JOHN Swinney has bowed to pressure and rewritten the SNP's replacement for stamp duty after being undercut by Tory ­Chancellor George Osborne.

The Finance Secretary will this week announce new rates and bands for his flagship Land and Buildings Transaction Tax (LBTT), just three months after setting them in a blaze of publicity.

The devolved tax, the first to be wholly set and collected in Scotland for more than 300 years, will replace stamp duty north of the Border in April. It is designed to be more progressive than stamp duty, ­helping those buying small homes by taking more tax from those buying larger ones.

It is levied across stepped bands, like income tax, instead of at a single rate like stamp duty.

Swinney's original October plan meant LBTT should have been cheaper than UK stamp duty for 90% of homebuyers, with only those paying more than £325,000 for a house receiving a bigger bill.

However, in a copycat move in December, Osborne announced his own immediate overhaul of stamp duty, undercutting Swinney's version. Overnight, he lowered stamp duty for 98% of homebuyers, with only those paying more than £937,000 facing a bigger bill.

It made the incoming LBTT dearer than stamp duty for ­thousands of middle-class Scots.

Instead of 10% of people paying more with LBTT, the figure became 20%, while the threshold for paying more fell to £254,000, just above the average price of a detached home in Scotland. Since Osborne's move, Swinney has faced mounting calls to U-turn on his LBTT rates.

Last night, he confirmed new rates would be announced to MSPs on Wednesday ahead of a stage one vote on the 2015-16 Scottish budget.

The changes are expected to mean that, as before, only 10% pay more under LBTT than stamp duty.

He said: "At the time of the ­Chancellor's Autumn Statement I said his imitation of my Scottish tax plans was the sincerest form of flattery. On the first occasion I've had to design a tax system for Scotland, the UK Government copied it instantaneously and applied it across the UK.

"Under my proposals - designed for the Scottish market, not London prices - 90% of homebuyers would have been better or no worse off, and 5000 homes would be taken out of taxation all together, helping those at the lower end of the market.

"The Chancellor's decision to introduce a new stamp duty system overnight, without warning and consultation, means that while 80% of homeowners continue to pay less tax or no tax at all under LBTT, we now have the opportunity to review the rates and ensure they are right for Scotland."
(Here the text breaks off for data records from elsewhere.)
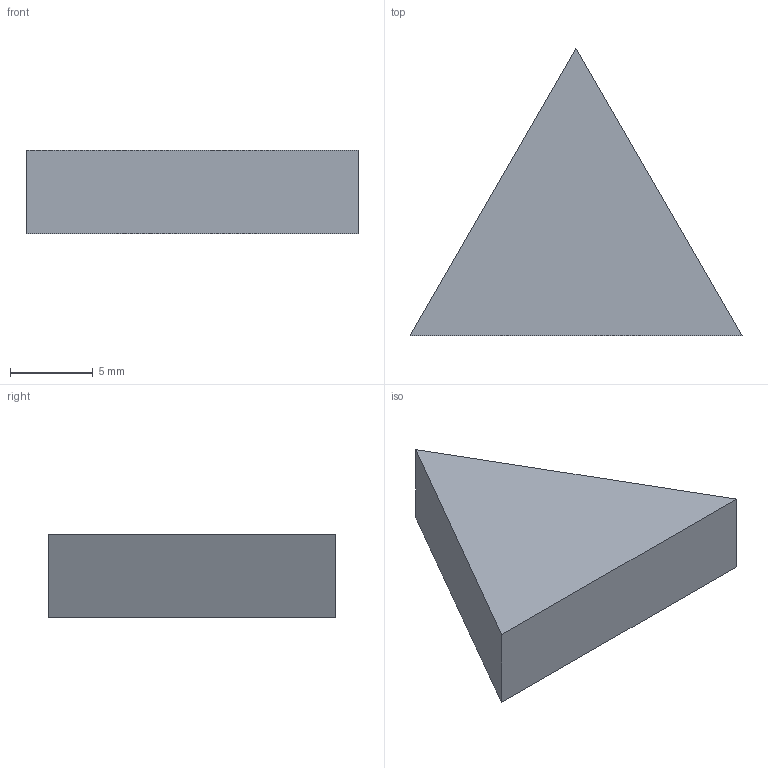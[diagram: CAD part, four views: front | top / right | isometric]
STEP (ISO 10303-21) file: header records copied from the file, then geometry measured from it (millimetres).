
FILE_DESCRIPTION (( 'STEP AP214' ), '1' );
FILE_NAME ('7 ( Prisme triangulaire ).STEP', '2025-09-12T22:08:12', ( '' ), ( '' ), 'SwSTEP 2.0', 'SolidWorks 2024', '' );
FILE_SCHEMA (( 'AUTOMOTIVE_DESIGN' ));
Length unit declared in the file: millimetre
Products named in the file (1): 7 ( Prisme triangulaire )
Bounding box: 20 x 17.32 x 5 mm (x, y, z)
Volume: 866 mm3; surface area: 646.4 mm2
Topology: 1 solids, 1 shells, 5 faces, 9 edges, 6 vertices
Faces by surface type: plane 5
Entity records: 146 total; most frequent: CARTESIAN_POINT 21, DIRECTION 21, ORIENTED_EDGE 18, EDGE_CURVE 9, VECTOR 9, LINE 9, VERTEX_POINT 6, AXIS2_PLACEMENT_3D 6
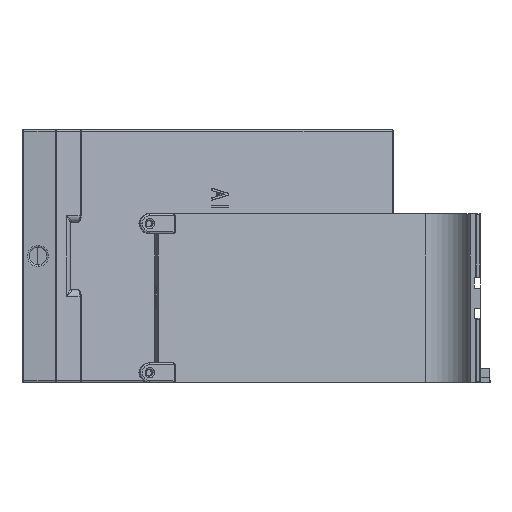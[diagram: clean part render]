
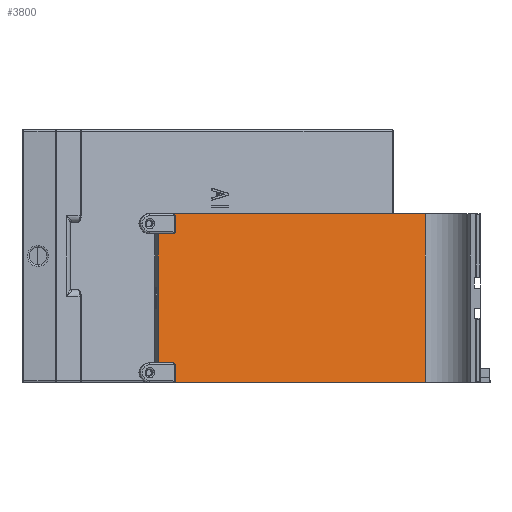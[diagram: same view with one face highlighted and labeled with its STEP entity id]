
A CAD part, left-side view. The second image highlights one B-rep face of the part: STEP entity #3800.
In plain terms, the highlighted face is planar.
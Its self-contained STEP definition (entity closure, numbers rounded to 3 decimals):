
#227 = DIRECTION ( 'NONE',  ( -0.342, 0.94, 0. ) ) ;
#1369 = VERTEX_POINT ( 'NONE', #15063 ) ;
#1439 = ORIENTED_EDGE ( 'NONE', *, *, #14689, .T. ) ;
#1747 = CARTESIAN_POINT ( 'NONE',  ( 40.399, 19.47, -25. ) ) ;
#2244 = CARTESIAN_POINT ( 'NONE',  ( 40.399, 19.47, -25. ) ) ;
#2658 = LINE ( 'NONE', #6090, #18061 ) ;
#2740 = EDGE_LOOP ( 'NONE', ( #7394, #11836, #1439, #17597 ) ) ;
#2777 = VERTEX_POINT ( 'NONE', #11674 ) ;
#2874 = VECTOR ( 'NONE', #7821, 1000. ) ;
#3800 = ADVANCED_FACE ( 'NONE', ( #13728 ), #10705, .T. ) ;
#4474 = LINE ( 'NONE', #19946, #9860 ) ;
#4509 = AXIS2_PLACEMENT_3D ( 'NONE', #18388, #19904, #6046 ) ;
#4572 = DIRECTION ( 'NONE',  ( 0., 0., -1. ) ) ;
#4596 = LINE ( 'NONE', #1747, #12846 ) ;
#6046 = DIRECTION ( 'NONE',  ( 0.342, -0.94, 0. ) ) ;
#6090 = CARTESIAN_POINT ( 'NONE',  ( 40.399, 19.47, 25. ) ) ;
#6498 = CARTESIAN_POINT ( 'NONE',  ( 40.399, 19.47, 25. ) ) ;
#7394 = ORIENTED_EDGE ( 'NONE', *, *, #20041, .F. ) ;
#7771 = EDGE_CURVE ( 'NONE', #2777, #8737, #2658, .T. ) ;
#7821 = DIRECTION ( 'NONE',  ( -0.342, 0.94, 0. ) ) ;
#8652 = EDGE_CURVE ( 'NONE', #15876, #1369, #4474, .T. ) ;
#8737 = VERTEX_POINT ( 'NONE', #2244 ) ;
#9001 = CARTESIAN_POINT ( 'NONE',  ( 11.657, 98.441, 25. ) ) ;
#9033 = DIRECTION ( 'NONE',  ( 0., 0., -1. ) ) ;
#9860 = VECTOR ( 'NONE', #9033, 1000. ) ;
#10705 = PLANE ( 'NONE',  #4509 ) ;
#11674 = CARTESIAN_POINT ( 'NONE',  ( 40.399, 19.47, 25. ) ) ;
#11836 = ORIENTED_EDGE ( 'NONE', *, *, #7771, .F. ) ;
#12846 = VECTOR ( 'NONE', #227, 1000. ) ;
#13728 = FACE_OUTER_BOUND ( 'NONE', #2740, .T. ) ;
#14689 = EDGE_CURVE ( 'NONE', #2777, #15876, #18433, .T. ) ;
#15063 = CARTESIAN_POINT ( 'NONE',  ( 11.657, 98.441, -25. ) ) ;
#15876 = VERTEX_POINT ( 'NONE', #9001 ) ;
#17597 = ORIENTED_EDGE ( 'NONE', *, *, #8652, .T. ) ;
#18061 = VECTOR ( 'NONE', #4572, 1000. ) ;
#18388 = CARTESIAN_POINT ( 'NONE',  ( 40.399, 19.47, 25. ) ) ;
#18433 = LINE ( 'NONE', #6498, #2874 ) ;
#19904 = DIRECTION ( 'NONE',  ( -0.94, -0.342, 0. ) ) ;
#19946 = CARTESIAN_POINT ( 'NONE',  ( 11.657, 98.441, 25. ) ) ;
#20041 = EDGE_CURVE ( 'NONE', #8737, #1369, #4596, .T. ) ;

The shift follows a deal with the UK Government that gave Swinney £64 million more than he had forecast. The Treasury was expected to cut Scotland's block grant by £558m to offset income from LBTT and a devolved landfill tax, but instead cut £494m.

Previous UK stamp duty was long criticised as an unfair "slab tax", kicking in at £125,000 and with 1% charged on sales up to £250,000, 3% on those between £250,000 and £500,000, 4% on those between £500,000 and £1m, 5% on sales over £1m and 7% on sales over £2m.

Osborne has made stamp duty more like income tax. Now, the first £125,000 is tax-free, then 2% is levied on the portion up to £250,000, 5% on the portion up to £925,000, 10% on the slice up to £1.5m, and 12% on anything over that. It means a cut of £4500 in tax on the average priced UK home, which now costs £275,000.